◆ **TASK DESCRIPTION**: The required output is the lines below from the line containing "Do the characters" to the line containing "The lettering stays", inclusive, retyped exactly. No other lines belong in it.

◆ **GIVEN INFORMATION**:
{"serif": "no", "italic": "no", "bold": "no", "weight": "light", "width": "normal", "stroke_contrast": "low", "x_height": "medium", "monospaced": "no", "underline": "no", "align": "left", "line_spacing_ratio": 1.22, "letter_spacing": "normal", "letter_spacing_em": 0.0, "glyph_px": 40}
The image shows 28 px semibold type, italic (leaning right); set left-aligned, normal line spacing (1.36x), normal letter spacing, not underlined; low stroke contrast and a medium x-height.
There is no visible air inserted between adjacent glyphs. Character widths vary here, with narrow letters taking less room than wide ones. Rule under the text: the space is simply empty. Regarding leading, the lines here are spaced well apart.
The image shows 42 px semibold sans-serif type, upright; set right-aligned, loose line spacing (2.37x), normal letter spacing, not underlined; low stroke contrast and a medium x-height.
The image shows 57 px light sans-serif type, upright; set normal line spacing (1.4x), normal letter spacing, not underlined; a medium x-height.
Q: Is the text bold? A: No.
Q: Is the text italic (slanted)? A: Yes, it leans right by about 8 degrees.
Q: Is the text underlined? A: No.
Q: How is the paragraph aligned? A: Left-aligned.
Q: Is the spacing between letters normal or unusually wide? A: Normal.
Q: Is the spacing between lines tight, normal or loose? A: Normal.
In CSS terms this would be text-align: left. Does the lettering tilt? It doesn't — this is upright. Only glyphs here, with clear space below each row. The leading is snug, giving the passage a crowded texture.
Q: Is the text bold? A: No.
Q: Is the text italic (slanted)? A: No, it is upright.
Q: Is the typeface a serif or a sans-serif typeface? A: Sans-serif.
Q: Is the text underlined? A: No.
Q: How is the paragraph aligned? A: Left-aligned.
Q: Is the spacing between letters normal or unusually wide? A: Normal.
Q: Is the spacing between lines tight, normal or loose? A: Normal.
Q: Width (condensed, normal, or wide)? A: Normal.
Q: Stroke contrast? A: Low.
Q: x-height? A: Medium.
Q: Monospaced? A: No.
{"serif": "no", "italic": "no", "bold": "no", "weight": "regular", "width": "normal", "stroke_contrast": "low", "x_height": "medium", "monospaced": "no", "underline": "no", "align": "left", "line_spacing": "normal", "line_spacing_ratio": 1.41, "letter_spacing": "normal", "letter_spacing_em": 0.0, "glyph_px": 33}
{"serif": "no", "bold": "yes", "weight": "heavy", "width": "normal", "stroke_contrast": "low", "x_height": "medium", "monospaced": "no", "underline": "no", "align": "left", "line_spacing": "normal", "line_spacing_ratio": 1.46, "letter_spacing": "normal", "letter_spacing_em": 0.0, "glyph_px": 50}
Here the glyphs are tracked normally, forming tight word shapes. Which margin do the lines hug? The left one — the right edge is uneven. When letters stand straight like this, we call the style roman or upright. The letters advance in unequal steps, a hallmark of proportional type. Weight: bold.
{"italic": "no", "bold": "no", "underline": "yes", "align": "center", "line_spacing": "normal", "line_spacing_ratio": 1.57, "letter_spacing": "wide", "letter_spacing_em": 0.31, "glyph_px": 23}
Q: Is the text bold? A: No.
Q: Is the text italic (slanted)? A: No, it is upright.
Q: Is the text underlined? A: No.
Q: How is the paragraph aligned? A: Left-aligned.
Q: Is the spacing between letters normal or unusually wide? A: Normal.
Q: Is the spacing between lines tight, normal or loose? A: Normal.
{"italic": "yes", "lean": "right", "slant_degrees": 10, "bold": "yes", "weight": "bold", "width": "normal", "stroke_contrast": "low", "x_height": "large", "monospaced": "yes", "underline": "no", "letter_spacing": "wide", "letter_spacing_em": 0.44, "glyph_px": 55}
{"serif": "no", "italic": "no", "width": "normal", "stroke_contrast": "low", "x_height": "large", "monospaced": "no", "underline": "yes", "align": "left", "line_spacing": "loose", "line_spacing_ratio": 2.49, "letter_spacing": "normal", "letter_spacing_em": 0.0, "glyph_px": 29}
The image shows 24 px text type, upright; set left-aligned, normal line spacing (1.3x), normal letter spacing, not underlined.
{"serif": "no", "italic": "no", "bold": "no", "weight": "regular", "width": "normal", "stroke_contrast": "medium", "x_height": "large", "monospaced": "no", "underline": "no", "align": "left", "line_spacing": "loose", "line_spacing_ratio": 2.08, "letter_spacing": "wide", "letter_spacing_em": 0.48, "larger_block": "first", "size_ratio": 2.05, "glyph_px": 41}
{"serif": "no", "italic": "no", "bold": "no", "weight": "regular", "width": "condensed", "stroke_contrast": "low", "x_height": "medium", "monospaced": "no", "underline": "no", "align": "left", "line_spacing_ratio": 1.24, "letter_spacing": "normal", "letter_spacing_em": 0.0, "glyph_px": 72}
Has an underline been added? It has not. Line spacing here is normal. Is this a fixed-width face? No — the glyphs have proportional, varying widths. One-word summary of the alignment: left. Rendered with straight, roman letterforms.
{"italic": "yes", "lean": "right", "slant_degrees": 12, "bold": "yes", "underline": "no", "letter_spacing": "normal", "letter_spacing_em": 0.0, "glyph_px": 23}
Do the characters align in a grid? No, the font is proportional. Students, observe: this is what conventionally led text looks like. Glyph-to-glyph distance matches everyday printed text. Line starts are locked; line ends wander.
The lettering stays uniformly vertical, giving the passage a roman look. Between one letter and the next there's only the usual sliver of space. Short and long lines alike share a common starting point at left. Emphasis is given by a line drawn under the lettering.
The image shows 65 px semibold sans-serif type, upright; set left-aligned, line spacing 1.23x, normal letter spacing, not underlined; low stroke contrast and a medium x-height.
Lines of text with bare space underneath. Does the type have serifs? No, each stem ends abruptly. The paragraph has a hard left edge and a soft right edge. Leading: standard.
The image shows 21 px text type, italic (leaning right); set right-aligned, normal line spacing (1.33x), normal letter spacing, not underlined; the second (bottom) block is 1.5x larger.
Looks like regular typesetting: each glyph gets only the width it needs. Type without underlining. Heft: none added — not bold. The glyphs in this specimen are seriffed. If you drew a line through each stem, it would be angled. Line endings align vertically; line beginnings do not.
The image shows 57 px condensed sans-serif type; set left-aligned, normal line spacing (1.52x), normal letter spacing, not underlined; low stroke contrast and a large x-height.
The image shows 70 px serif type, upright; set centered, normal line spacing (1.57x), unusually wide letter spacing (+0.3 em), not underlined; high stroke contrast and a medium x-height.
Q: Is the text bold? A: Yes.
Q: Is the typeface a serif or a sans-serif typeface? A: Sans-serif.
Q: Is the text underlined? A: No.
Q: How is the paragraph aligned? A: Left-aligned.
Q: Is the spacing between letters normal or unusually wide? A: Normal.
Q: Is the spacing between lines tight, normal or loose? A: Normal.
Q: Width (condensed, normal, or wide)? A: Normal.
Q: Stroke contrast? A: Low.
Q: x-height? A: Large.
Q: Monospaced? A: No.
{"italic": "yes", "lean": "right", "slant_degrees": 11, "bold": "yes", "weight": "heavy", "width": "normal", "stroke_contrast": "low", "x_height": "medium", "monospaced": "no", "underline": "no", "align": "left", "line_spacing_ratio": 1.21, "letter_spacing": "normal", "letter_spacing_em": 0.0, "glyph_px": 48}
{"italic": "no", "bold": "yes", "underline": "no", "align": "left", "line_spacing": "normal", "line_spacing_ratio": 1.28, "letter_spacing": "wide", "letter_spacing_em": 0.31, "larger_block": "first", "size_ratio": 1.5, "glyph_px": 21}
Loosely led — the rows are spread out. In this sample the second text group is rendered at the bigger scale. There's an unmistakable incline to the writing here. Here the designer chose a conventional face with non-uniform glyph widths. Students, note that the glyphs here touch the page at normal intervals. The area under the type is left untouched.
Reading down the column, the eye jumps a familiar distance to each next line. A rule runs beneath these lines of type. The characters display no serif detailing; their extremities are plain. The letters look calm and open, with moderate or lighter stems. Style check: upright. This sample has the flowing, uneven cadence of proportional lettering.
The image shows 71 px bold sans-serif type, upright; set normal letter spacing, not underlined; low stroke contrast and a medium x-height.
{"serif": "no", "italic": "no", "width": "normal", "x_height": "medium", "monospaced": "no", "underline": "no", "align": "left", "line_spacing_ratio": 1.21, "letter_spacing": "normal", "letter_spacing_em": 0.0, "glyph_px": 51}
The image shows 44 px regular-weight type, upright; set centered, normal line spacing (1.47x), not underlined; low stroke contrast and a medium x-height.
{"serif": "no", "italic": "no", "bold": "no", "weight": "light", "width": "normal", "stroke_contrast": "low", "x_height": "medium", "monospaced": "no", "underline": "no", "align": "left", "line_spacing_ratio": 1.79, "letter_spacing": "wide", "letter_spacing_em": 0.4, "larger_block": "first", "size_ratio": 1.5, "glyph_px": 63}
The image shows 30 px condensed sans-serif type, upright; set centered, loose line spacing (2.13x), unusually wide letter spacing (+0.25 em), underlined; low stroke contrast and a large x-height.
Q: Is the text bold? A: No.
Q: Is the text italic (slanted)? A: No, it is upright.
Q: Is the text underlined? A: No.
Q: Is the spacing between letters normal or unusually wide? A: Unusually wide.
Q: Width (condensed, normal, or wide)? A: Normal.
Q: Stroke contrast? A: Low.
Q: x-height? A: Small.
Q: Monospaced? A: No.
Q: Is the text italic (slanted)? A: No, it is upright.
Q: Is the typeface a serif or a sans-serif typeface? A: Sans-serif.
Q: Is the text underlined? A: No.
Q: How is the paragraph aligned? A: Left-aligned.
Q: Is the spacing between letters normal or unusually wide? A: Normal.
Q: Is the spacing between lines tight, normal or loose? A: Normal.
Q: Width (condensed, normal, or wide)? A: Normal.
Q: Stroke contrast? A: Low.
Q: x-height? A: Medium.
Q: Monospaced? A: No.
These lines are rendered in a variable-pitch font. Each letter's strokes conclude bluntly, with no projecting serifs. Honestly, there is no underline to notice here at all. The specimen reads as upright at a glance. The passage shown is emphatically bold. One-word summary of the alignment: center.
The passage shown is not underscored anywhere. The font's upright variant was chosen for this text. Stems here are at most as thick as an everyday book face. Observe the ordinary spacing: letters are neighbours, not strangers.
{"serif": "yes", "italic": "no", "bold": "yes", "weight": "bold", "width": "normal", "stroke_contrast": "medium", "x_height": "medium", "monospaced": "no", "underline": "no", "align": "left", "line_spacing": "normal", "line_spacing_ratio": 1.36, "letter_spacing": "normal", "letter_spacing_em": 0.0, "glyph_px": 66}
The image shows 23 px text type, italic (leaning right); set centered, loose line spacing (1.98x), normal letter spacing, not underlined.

◆ **RESPONSE**:
Do the characters align in a grid? No, the font is proportional. Students, observe: this is what conventionally led text looks like. Glyph-to-glyph distance matches everyday printed text. Line starts are locked; line ends wander.
The lettering stays uniformly vertical, giving the passage a roman look. Between one letter and the next there's only the usual sliver of space. Short and long lines alike share a common starting point at left. Emphasis is given by a line drawn under the lettering.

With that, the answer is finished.